Previous research in 2016 showed that 20% of plant species were under threat, but the "State of the World's Plants and Fungi 2020" report, published Wednesday, draws on the work of 210 scientists from 42 countries to reveal the scale of the problem, using improved data and methodology.
"Deforestation rates have soared as we have cleared land to feed ever-more people, global emissions are disrupting the climate system, new pathogens threaten our crops and our health, illegal trade has eradicated entire plant populations, and non-native species are outcompeting local floras," according to the report from RBG Kew, which carries out scientific research into plants and fungi as well as running a renowned botanical garden in west London.
And this is just what we already know about. Researchers say there are huge gaps in our knowledge of plants, and more work is needed to assess the conservation status of more species.

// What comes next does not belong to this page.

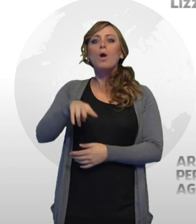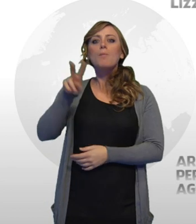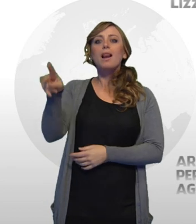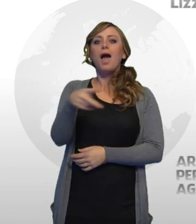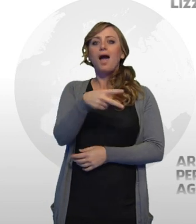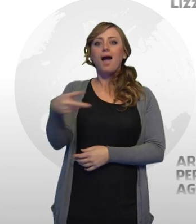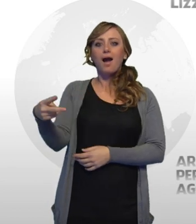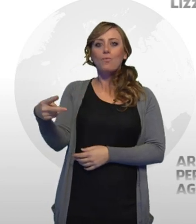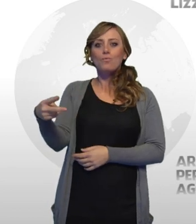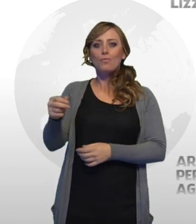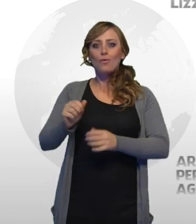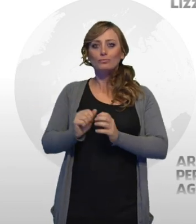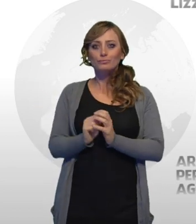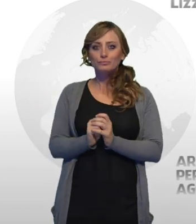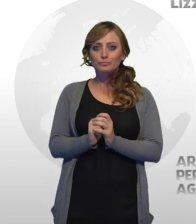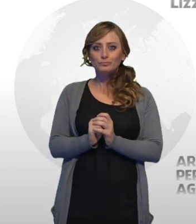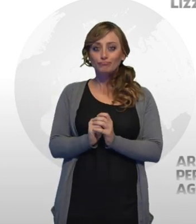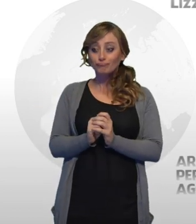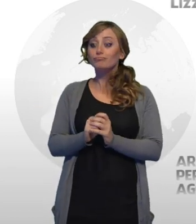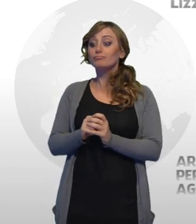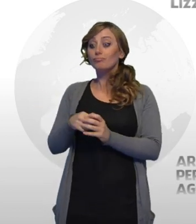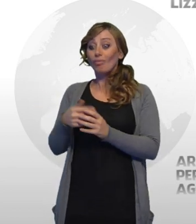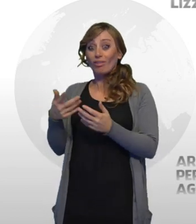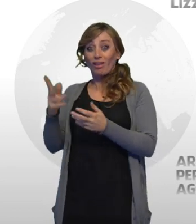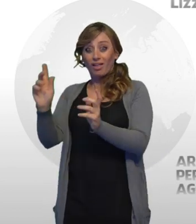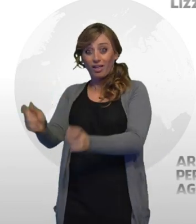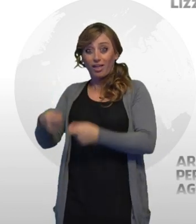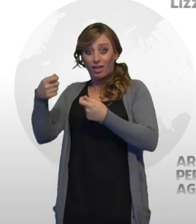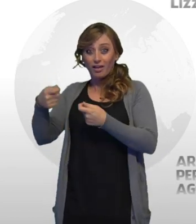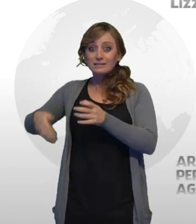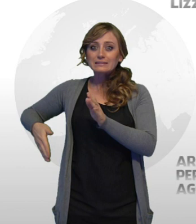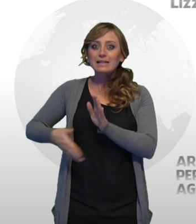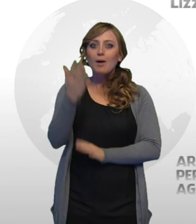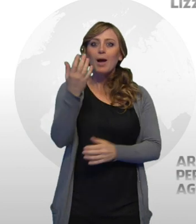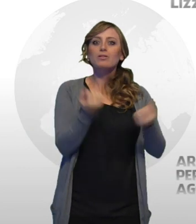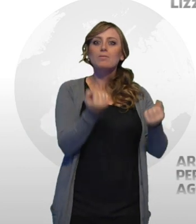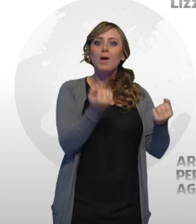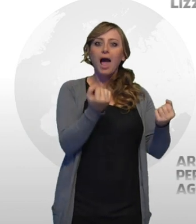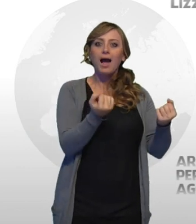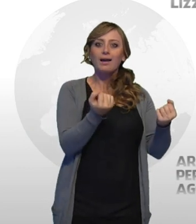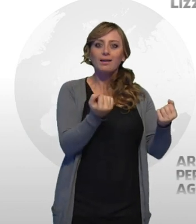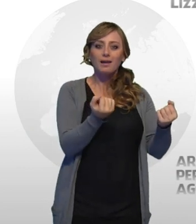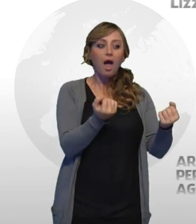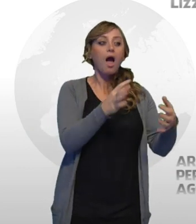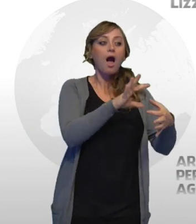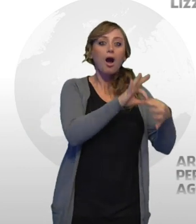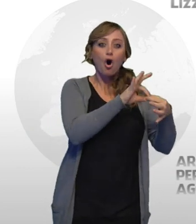dileguato a bordo di un'autovettura condotta dal complice. Il commerciante ha fornito

Alexandre Antonelli, Director of Science at RBG Kew, told CNN "it's just a race against time" as we are losing plants faster than we can name them.
"A world without those 40% is not the world we know today," Antonelli said.
While we don't know what the effects of losing them would be, he added, it could be "catastrophic," as we don't understand which species play important roles in particular ecosystems.
"Everything is linked up," Antonelli said.
Among those that we know are under threat are medicinal plants, with demand for naturally derived medicines threatening their survival. Some 5,411 medicinal plants were assessed in the study, and 723 are threatened.
Researchers say increased demand for herbal medicines is being driven a greater prevalence of certain chronic illnesses and the quest for new treatments.
While some medicinal plants are suffering overexploitation, Antonelli was keen to emphasize just how much plants and fungi have to offer.
The report recommends more funding for projects to find, name and conserve species that could provide solutions to some of humanity's biggest problems, such as food insecurity and climate change, before they go extinct.
For example, humans rely on just 15 plants to serve 90% of our food needs, adding to the problem of malnutrition and leaving us vulnerable to climate change, but scientists at Kew have identified 7,039 plant species that could be used as food.
"Harnessing this basket of untapped resources for making food and production systems more diverse and resilient to change, should be our moral duty to current and future generations," said Stefano Padulosi, former Senior Scientist at the Alliance of Biodiversity International and the International Center for Tropical Agriculture, who co-authored the food chapter of the report.
The situation is similar when it comes to producing energy. As things stand, we use six crops -- maize, sugarcane, soybean, palm oil, rapeseed and wheat -- to make 80% of global biofuel.
However, researchers have identified 2,500 plants that could be used to produce energy -- potentially a major boon for the 840 million people whom they estimate currently have no access to electricity.
"International collaboration can help us to identify the plants and fungi that will make clean, sustainable energy accessible to everyone," said contributor Mary Suzan Abbo, managing director of the Centre for Research in Energy and Energy Conservation at Makerere University, Uganda, who said the approach could be used to cut down on unsustainable use of wood and charcoal.
The report also describes a slew of species that have been identified recently, including two new relatives of cassava from Brazil, which experts say could future-proof the food crop by making it pest- or disease-resistant.
Developments like this are less likely as we lose more species, and Antonelli believes consumers need to make more sustainable choices while holding political leaders to account on policy.
"We really have to grasp the problem," he said, underlining that international cooperation will be key to reducing the threat and harnessing all that plants and fungi can do to help humanity.